Tender Wild is coming up October 18 through 20 at the Whidbey Institute. This workshop is described as a chance to explore the wild parts of writing, the tender stories that must be told, and ways to engage yourself and others in writing practices that bring life back. To understand more about the opportunity, I connected with facilitator Bethany Bylsma. Here’s our conversation. —Marnie Jackson
Learn more about the program and register here.
Marnie: What do you hope a participant will get out of this program?
Bethany: I hope participants in this writing retreat will collect much more than word counts on a page by the end of our weekend. Really Tyler and I want to create a place for creativity to flourish. Yes, there will be writing . . . but we hope those who join us will get to know the land of the Whidbey Institute, we hope they will walk, and listen, and tell stories to themselves and to each other. We want great rest and rejuvenation to be a piece of the process as well. It is a retreat about being well, with ourselves, with our stories, and with each other.
What is your background?
My background is quite varied. I grew up in Alaska, and then Central East Africa, and learned to listen and observe keenly there. Nearly never able to blend in to my surroundings, I used writing as a way to record my process and experiences. I moved and traveled scores of times in my 20s, winding up in Seattle for graduate school. I am now a licensed mental health therapist and work in Seattle with clients around rest, rehabilitation, story, archetype, and walking towards wellness. I began doing retreats as a way to share and teach with more than one person at a time.
What’s the background of your co-facilitator?
Tyler Dunning, my co-facilitator, became a dear friend 10 years ago when we worked at a non-profit together in San Diego. He had a bit of wild in him, coming from Montana. After our work together ended, we remained penpals. Very early in our friendship, writing was the way we stayed in touch.
Who is the audience for this program?
We are looking for anyone and everyone who is interested in the woods, or in writing, or in resting for a weekend, or in collaborating around creative arts.
What if someone has minimal writing experience? Can they still participate?

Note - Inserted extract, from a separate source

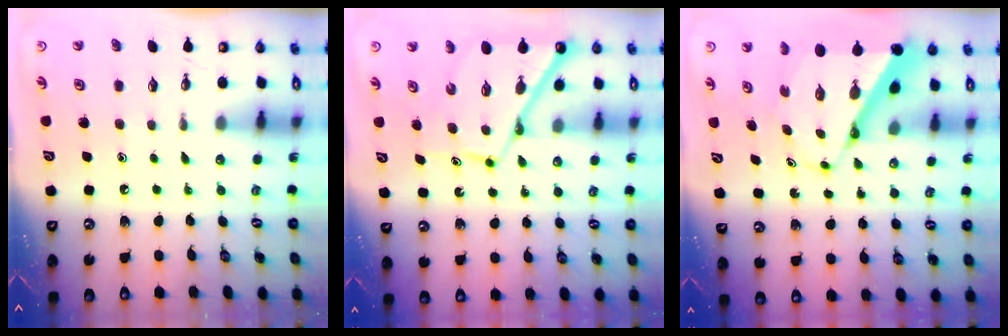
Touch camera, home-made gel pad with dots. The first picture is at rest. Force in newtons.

You don’t have to be a professional writer—I am far from it. In fact, Tyler and I have joked that he is the professional writer, and I am the professional feeler. We are creating a space for people to feel deeply, expand the ideas of how writing could serve them in whatever they do in the world. It isn’t about finishing a book, or evening starting one. This retreat is more about gathering people around the idea of language and describing truthfully the world we live in.
What can someone expect in terms of the flow of the program?
I think there is magic in the Whidbey woods. And I think there is magic when people say yes to new, creative endeavors in community.
Our time is set up around a basic rhythm of gathering together for conversation, writing on various prompts together, and taking moments for rest, relaxation, and quiet—meals, yoga, naps, hikes. There’s also time for some special interest groupings. Tyler will speak specifically to those who wish to navigate the publishing world. I will speak on the therapeutic benefits of writing, and our friend Sarah Goettsch will be joining us for yoga instruction and workshops around poetry.
What motivated you to choose Whidbey Institute as a place for this program?
I’ve been so grateful for and changed by the time I’ve spent at the Whidbey Institute over nearly six years. I’ve attended retreats and workshops, and I’ve come on a Saturday to just spend some hours in the woods. The Whidbey Institute was the only choice for me in pursuing a venue. I value the story of this land, the way it permeates every piece of programming I’ve attended. I wanted to be able to share this special place with a group of new friends.
What else would you like to share?
I think there is magic in the Whidbey woods. And I think there is magic when people say yes to new, creative endeavors in community. I hope we can fill the Whidbey Institute with laughter and meaningful conversation this weekend in October. I can hardly wait for it to arrive.